Some Firebase services process personal data. In most cases, the personal data used is limited to so-called instance IDs with timestamps. Instance IDs created by Firebase are only used once, so they can be assigned to a specific event or process. Data collected in this way is not personal and we do not take any steps to personalize it later.
Information about the instance IDs used can be found here: https://firebase.google.com/support/privacy/manage-iids
Information on the use of data for marketing purposes by Google can be found here: https://www.google.com/policies/technologies/ads
Google's privacy policy can be found here: https://www.google.com/policies/privacy
Google is certified under the Privacy Shield agreement, thereby providing a guarantee to comply with European data protection law: https://www.privacyshield.gov/participant?id=a2zt000000001L5AAI
7.2. Legal basis for data processing
The legal basis for processing this data is Art. 6 para. 1 lit. f GDPR.
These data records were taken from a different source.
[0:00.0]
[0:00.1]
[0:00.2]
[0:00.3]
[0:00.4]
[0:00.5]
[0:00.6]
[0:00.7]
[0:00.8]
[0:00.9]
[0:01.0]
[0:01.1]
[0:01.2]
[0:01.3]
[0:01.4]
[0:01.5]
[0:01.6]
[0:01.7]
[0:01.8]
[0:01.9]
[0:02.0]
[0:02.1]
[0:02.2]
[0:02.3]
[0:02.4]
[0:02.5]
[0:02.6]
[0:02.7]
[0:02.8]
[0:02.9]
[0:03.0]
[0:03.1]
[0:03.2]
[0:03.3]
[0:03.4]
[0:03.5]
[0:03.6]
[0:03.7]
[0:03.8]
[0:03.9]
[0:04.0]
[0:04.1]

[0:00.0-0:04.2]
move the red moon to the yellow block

7.3. Purpose of data processing
The data is used to improve the quality of our app and the effectiveness of our advertising campaigns.
7.4. Duration of storage, possibility of objection and removal
The user can limit the use of the advertising ID in the device settings of their mobile device.
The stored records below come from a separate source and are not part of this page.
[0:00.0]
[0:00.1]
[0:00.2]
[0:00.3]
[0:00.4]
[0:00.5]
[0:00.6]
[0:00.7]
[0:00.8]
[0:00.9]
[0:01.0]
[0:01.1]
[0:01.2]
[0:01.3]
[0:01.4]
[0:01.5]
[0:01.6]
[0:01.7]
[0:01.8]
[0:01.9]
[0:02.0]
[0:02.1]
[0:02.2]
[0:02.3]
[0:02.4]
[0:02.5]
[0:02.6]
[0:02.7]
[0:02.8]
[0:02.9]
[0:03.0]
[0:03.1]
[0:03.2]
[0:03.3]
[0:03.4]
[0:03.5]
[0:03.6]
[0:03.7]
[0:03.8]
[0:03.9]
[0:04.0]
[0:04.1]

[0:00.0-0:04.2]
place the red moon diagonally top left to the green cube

Android: Settings > Google > Ads > Reset advertising ID
Objection to interest-based advertising by Google marketing services can be made here: http://www.google.com/ads/preferences
Push notifications can be deactivated in the settings of the mobile device and reactivated at any time.
8. RevenueCat
8.1. Description and scope of data processing
We use RevenueCat to manage and analyze in-app purchases. RevenueCat is a service provided by Revenue Cat, Inc. based at 633 Tarava St. Suite 101, San Francisco, CA 94116 USA.
The privacy policy of RevenueCat can be found here: https://www.revenuecat.com/privacy
8.2. Legal basis for data processing
The legal basis for processing this data is Art. 6 para. 1 lit. f GDPR.
8.3. Purpose of data processing
The data is used to manage in-app purchases.
8.4. Duration of storage, possibility of objection and removal
The data is deleted from our app as soon as it is no longer necessary to achieve the purpose of its collection. The collection of data is mandatory for the provision and operation of the app - therefore, there is no possibility of objection.
9. Establishing a contractual relationship
9.1. Description and scope of data processing
If the user subscribes to the Pro version, we store the start and end dates and transmit this data to the Play Store. When the subscription is concluded through the app, user data for payment processing is directly collected by the Play Store. We use the service RevenueCat (RevenueCat, Inc. 633 Tarava St. Suite 101, San Francisco, CA 94116, USA) for the processing of subscription purchases.
Google's privacy policy can be found here: https://policies.google.com/privacy?hl=en
RevenueCat's privacy policy can be found here: https://www.revenuecat.com/privacy
9.2. Legal basis for data processing
The legal basis for processing personal data is Art. 6 para. 1 lit. b GDPR, as the processing of this data is necessary for the performance of a contract with the user.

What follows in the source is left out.